Which value of Θ to use? It is plain from the drawing that the value greater than φ/2 is the correct one. What is the smaller value?

CAD is useful for geometric validation. The tan coloured lines in this screen image from my trusty old NURBS modeller shows how the 10.232005° value of Θ matches the reflection from the backside of the inner surface of a circular mirror.

The algorithm used by the hand iterations has the following pattern...
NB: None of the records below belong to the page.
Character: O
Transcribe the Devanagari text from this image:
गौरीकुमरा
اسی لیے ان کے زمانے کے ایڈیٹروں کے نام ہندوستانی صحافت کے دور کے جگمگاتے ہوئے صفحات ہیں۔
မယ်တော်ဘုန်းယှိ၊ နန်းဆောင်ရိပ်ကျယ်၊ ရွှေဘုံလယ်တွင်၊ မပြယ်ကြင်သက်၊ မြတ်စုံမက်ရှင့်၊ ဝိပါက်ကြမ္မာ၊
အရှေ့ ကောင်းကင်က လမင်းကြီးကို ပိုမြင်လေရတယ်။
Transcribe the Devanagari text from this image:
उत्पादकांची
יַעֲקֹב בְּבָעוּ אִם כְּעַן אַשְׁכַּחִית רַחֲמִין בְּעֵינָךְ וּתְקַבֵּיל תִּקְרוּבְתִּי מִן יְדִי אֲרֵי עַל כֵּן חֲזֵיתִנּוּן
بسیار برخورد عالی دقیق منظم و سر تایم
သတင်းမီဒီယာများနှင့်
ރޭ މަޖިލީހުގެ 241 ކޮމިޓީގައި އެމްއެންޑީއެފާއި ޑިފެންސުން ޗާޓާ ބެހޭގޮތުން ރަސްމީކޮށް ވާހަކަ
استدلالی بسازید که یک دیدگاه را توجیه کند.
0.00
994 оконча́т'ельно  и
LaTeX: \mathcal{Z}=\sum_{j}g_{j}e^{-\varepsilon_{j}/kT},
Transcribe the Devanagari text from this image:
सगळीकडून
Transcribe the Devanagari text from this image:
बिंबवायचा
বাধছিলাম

d/r = | sin((x / (2^n+2)) φ) / sin(((x - 2^n+1) / 2^n+1) φ) |

...where n is the iteration count starting at 0.

The value of x is determined by the following rules:

x = 1 where n = 0 for inner circle reflection

x = 3 where n = 0 for outer circle reflection

x = (2 * x_p) + z where n > 0 and x_p is the value of x from the previous iteration. z is either 1 or -1 as determined by the previous iteration based on whether the computed d/r value is greater or less than the actual d/r value. The plus/minus decision corresponds to the movement away from or toward φ/2 in the hand calculations.
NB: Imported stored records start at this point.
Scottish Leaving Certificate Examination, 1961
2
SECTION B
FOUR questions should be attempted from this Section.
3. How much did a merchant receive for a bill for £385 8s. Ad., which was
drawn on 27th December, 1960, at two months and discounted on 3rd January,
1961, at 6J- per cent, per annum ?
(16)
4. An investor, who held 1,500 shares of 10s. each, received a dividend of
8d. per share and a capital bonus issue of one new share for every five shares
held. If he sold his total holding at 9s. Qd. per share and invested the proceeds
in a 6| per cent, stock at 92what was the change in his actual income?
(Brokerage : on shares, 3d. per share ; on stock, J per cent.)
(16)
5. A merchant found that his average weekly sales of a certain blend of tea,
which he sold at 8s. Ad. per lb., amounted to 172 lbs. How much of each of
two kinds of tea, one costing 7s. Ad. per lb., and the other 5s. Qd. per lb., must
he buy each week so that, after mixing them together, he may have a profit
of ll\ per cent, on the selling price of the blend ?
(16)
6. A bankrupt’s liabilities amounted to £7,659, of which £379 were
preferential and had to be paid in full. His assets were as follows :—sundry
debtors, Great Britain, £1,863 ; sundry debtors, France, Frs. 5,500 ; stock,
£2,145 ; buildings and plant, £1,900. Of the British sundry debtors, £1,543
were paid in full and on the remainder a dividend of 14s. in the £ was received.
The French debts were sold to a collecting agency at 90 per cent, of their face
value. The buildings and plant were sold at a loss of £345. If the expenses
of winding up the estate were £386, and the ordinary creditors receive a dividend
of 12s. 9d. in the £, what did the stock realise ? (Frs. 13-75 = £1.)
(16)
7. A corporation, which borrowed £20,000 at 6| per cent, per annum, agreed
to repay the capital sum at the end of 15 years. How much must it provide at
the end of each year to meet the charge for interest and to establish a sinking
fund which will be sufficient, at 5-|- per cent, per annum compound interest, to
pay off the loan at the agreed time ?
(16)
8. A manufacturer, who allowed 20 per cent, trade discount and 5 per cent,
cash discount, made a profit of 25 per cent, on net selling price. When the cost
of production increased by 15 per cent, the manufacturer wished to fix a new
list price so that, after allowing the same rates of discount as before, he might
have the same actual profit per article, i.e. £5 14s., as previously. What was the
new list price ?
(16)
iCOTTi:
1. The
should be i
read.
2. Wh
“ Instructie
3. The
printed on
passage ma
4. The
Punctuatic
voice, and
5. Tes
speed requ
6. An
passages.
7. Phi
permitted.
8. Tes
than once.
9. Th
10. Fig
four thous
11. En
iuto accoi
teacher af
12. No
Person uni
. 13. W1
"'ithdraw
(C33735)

Attached is the Python class I developed for by my Raspberry Pi Zero W controlled heliostat. The test.py file calculates both outer and inner offset reflection angles for a origin reflection angle of 22.5° to a target that is placed at a distance that is 5 times the radius of mirror rotation. The final output values are in accordance with the CAD model.
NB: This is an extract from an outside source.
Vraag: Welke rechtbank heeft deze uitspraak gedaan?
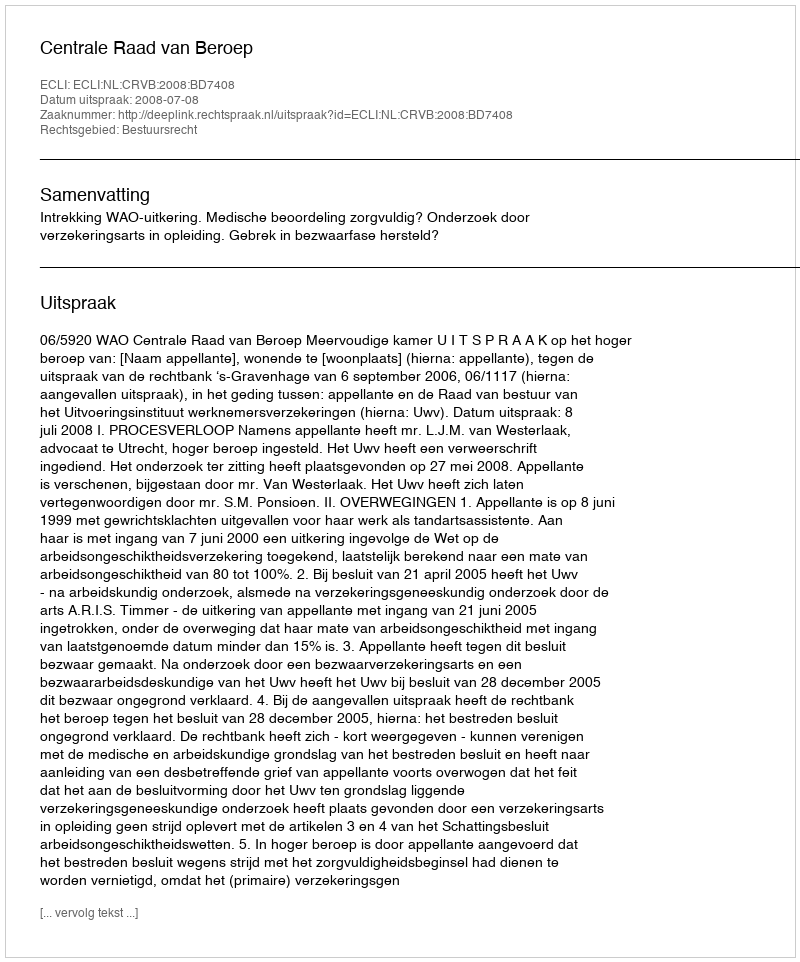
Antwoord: Centrale Raad van Beroep

The debug output of test.py:

i:0 x:3 angle:16.875 temp_ratio:1.487950167156238

i:1 x:5 angle:14.0625 temp_ratio:2.478956018164758

i:2 x:9 angle:12.65625 temp_ratio:4.465286834155914

i:3 x:17 angle:11.953125 temp_ratio:8.439323891175796

i:4 x:35 angle:12.3046875 temp_ratio:5.789904885125893

i:5 x:71 angle:12.48046875 temp_ratio:5.032966228779621

i:6 x:143 angle:12.568359375 temp_ratio:4.730200489592899

i:7 x:285 angle:12.5244140625 temp_ratio:4.8763623970819365

i:8 x:569 angle:12.50244140625 temp_ratio:4.953290377438017

i:9 x:1137 angle:12.491455078125 temp_ratio:4.992775700434724

i:10 x:2273 angle:12.4859619140625 temp_ratio:5.012781638626532

i:11 x:4547 angle:12.48870849609375 temp_ratio:5.00275648657824

i:12 x:9095 angle:12.490081787109375 temp_ratio:4.997760566192296

i:13 x:18189 angle:12.489395141601562 temp_ratio:5.0002571422601125

i:14 x:36379 angle:12.489738464355469 temp_ratio:4.9990085084823885

i:15 x:72757 angle:12.489566802978516 temp_ratio:4.999632738899387

i:16 x:145513 angle:12.489480972290039 temp_ratio:4.9999449189572935

Outer Angle: 12.489481° (0.217983 radians)

 17 iterations

i:0 x:1 angle:5.625 temp_ratio:0.5024192861881558

i:1 x:3 angle:8.4375 temp_ratio:1.4969879141751483

i:2 x:7 angle:9.84375 temp_ratio:3.484206070569177

i:3 x:15 angle:10.546875 temp_ratio:7.458464753883468

i:4 x:29 angle:10.1953125 temp_ratio:4.8089534136859875

i:5 x:59 angle:10.37109375 temp_ratio:5.868754898574653

i:6 x:117 angle:10.283203125 temp_ratio:5.290680825352222

i:7 x:233 angle:10.2392578125 temp_ratio:5.039344675133663

i:8 x:465 angle:10.21728515625 temp_ratio:4.9216980490912

i:9 x:931 angle:10.228271484375 temp_ratio:4.9798888469004545

i:10 x:1863 angle:10.2337646484375 temp_ratio:5.009456067926628

i:11 x:3725 angle:10.23101806640625 temp_ratio:4.9946326089967545

i:12 x:7451 angle:10.232391357421875 temp_ratio:5.002034336024518

i:13 x:14901 angle:10.231704711914062 temp_ratio:4.998330976959963

i:14 x:29803 angle:10.232048034667969 temp_ratio:5.000182031973311

i:15 x:59605 angle:10.231876373291016 temp_ratio:4.999256348415878

i:16 x:119211 angle:10.231962203979492 temp_ratio:4.999719151172038

i:17 x:238423 angle:10.23200511932373 temp_ratio:4.999950581815801

Inner Angle: 10.232005° (0.178582 radians)

 18 iterations

angle: (12.489480972290039, 10.23200511932373)

One final note is that this example has simplified the heliostat mirror angle to an altitude adjustment only. In the general case, where the target is not located along the azimuth axis, the algorithm is applied to the vector plane created by the incident and reflected light vectors.